Volvo's counting on the SUV to revive flagging sales in North America, and the vehicle emerged from testing with an unblemished record. Key to the highest rating was how the car's new front-crash prevention system performed. In previous iterations, Volvo's version of this advanced safety equipment functioned only at low speeds. But on the new version, Volvo's City Safety feature, the XC90 avoided collisions in both 12-and-25-mile-per-hour testing.
The vehicle earned the maximum six points from IIHS, which qualified it for a front-crash prevention rating of "superior." Not all vehicles contain such advanced safety features, but last week IIHS and the National Highway Traffic Safety Administration announced an unprecedented agreement between 10 manufacturers to soon provide the potential life-saving systems as standard equipment on their cars.
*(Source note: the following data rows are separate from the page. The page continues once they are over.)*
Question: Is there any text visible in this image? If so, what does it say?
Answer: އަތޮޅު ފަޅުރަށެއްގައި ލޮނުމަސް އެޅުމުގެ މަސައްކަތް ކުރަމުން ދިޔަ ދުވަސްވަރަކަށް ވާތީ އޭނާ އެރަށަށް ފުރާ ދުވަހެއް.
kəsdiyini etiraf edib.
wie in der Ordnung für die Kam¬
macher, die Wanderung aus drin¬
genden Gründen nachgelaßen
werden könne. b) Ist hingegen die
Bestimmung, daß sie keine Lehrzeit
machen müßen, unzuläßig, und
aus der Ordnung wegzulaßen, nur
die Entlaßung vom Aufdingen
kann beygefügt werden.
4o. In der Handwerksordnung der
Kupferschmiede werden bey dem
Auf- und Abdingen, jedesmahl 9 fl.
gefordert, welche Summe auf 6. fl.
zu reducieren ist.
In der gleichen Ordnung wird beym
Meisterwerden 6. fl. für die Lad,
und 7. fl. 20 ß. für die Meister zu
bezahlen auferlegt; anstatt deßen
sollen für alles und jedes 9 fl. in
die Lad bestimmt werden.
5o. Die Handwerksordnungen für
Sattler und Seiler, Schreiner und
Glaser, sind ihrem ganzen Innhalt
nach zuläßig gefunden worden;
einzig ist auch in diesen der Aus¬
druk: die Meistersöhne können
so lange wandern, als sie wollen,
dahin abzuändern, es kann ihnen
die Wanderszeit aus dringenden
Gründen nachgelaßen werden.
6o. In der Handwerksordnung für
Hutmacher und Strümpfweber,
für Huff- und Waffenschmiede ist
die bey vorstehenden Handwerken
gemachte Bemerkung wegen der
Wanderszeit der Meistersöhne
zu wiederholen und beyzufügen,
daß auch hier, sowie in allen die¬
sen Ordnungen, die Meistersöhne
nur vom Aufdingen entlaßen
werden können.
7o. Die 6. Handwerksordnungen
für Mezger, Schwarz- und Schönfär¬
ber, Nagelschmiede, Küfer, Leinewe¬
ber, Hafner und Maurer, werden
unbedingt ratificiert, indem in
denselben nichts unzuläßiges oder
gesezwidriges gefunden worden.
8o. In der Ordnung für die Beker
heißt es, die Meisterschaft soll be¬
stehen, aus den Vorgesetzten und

"I'll give kudos to Volvo for a number of things," said Joe Nolan, IIHS senior vice president for vehicle research. "The old XC90 aced all the crash tests as well, but without the forward-collision aspect. So now they're going above and beyond and deserve the accolades."
The XC90 received a "good" rating on the organization's small-front overlap test, which evaluates how vehicles perform when striking an obstacle at 40 miles per hour. IIHS noted how well the vehicle protected the driver in the crash test.
"Intrusion of less than 2 inches at all measured points in the driver's seating space, the dummy's movement was well-controlled and the front and side curtain airbags worked well together to protect the head," the report said. "Measures taken from the dummy showed a low risk of any significant injuries in a crash of this severity."